Work to complete. An exact transcription of the entries is required, with none of the pictures carried over.

(Supplied data begins)

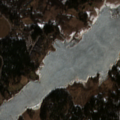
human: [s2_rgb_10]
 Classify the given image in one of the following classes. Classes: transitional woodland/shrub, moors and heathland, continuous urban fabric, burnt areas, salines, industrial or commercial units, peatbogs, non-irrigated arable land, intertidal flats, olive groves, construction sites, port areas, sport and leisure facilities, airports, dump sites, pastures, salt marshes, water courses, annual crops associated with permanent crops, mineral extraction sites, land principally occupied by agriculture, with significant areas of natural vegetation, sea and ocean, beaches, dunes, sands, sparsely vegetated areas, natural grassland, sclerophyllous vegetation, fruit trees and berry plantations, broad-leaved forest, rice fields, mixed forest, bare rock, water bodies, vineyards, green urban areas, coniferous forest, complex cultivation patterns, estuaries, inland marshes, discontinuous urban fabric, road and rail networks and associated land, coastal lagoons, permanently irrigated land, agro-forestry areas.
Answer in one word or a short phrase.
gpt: discontinuous urban fabric, coniferous forest, mixed forest, salt marshes, sea and ocean
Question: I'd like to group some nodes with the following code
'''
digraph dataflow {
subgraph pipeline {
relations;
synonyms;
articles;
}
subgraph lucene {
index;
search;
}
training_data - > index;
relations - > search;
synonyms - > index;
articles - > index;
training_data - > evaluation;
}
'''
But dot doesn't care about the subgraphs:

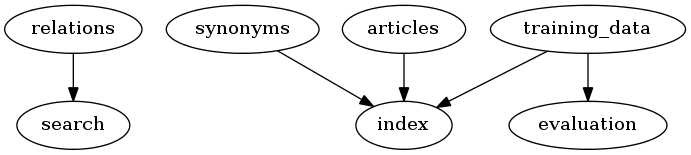
Answer: Try prefixing your subgraphs with 'cluster_':
'''
digraph dataflow {
subgraph cluster_pipeline {
relations;
synonyms;
articles;
}
subgraph cluster_lucene {
index;
search;
}
training_data -> index;
relations -> search;
synonyms -> index;
articles -> index;
training_data -> evaluation;
}
'''
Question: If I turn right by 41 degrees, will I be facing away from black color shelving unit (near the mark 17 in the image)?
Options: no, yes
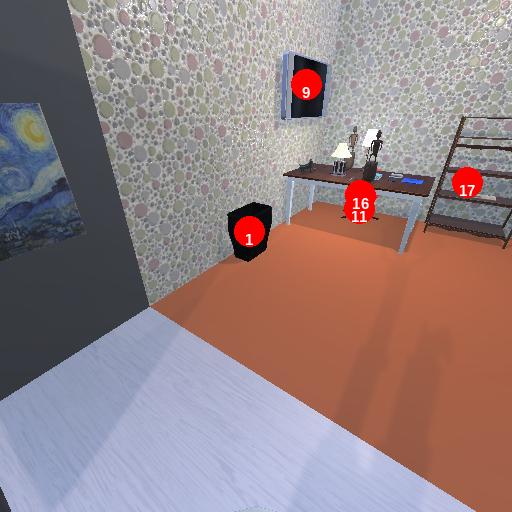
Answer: no
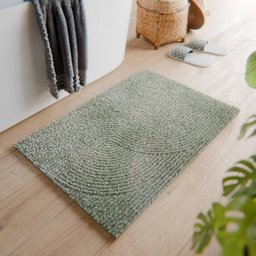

(Supplied data ends)

Solution to the problem.
human: [s2_rgb_10]
 Classify the given image in one of the following classes. Classes: transitional woodland/shrub, moors and heathland, continuous urban fabric, burnt areas, salines, industrial or commercial units, peatbogs, non-irrigated arable land, intertidal flats, olive groves, construction sites, port areas, sport and leisure facilities, airports, dump sites, pastures, salt marshes, water courses, annual crops associated with permanent crops, mineral extraction sites, land principally occupied by agriculture, with significant areas of natural vegetation, sea and ocean, beaches, dunes, sands, sparsely vegetated areas, natural grassland, sclerophyllous vegetation, fruit trees and berry plantations, broad-leaved forest, rice fields, mixed forest, bare rock, water bodies, vineyards, green urban areas, coniferous forest, complex cultivation patterns, estuaries, inland marshes, discontinuous urban fabric, road and rail networks and associated land, coastal lagoons, permanently irrigated land, agro-forestry areas.
Answer in one word or a short phrase.
gpt: discontinuous urban fabric, coniferous forest, mixed forest, salt marshes, sea and ocean
Question: I'd like to group some nodes with the following code
'''
digraph dataflow {
subgraph pipeline {
relations;
synonyms;
articles;
}
subgraph lucene {
index;
search;
}
training_data - > index;
relations - > search;
synonyms - > index;
articles - > index;
training_data - > evaluation;
}
'''
But dot doesn't care about the subgraphs:

Answer: Try prefixing your subgraphs with 'cluster_':
'''
digraph dataflow {
subgraph cluster_pipeline {
relations;
synonyms;
articles;
}
subgraph cluster_lucene {
index;
search;
}
training_data -> index;
relations -> search;
synonyms -> index;
articles -> index;
training_data -> evaluation;
}
'''
Question: If I turn right by 41 degrees, will I be facing away from black color shelving unit (near the mark 17 in the image)?
Options: no, yes
Answer: no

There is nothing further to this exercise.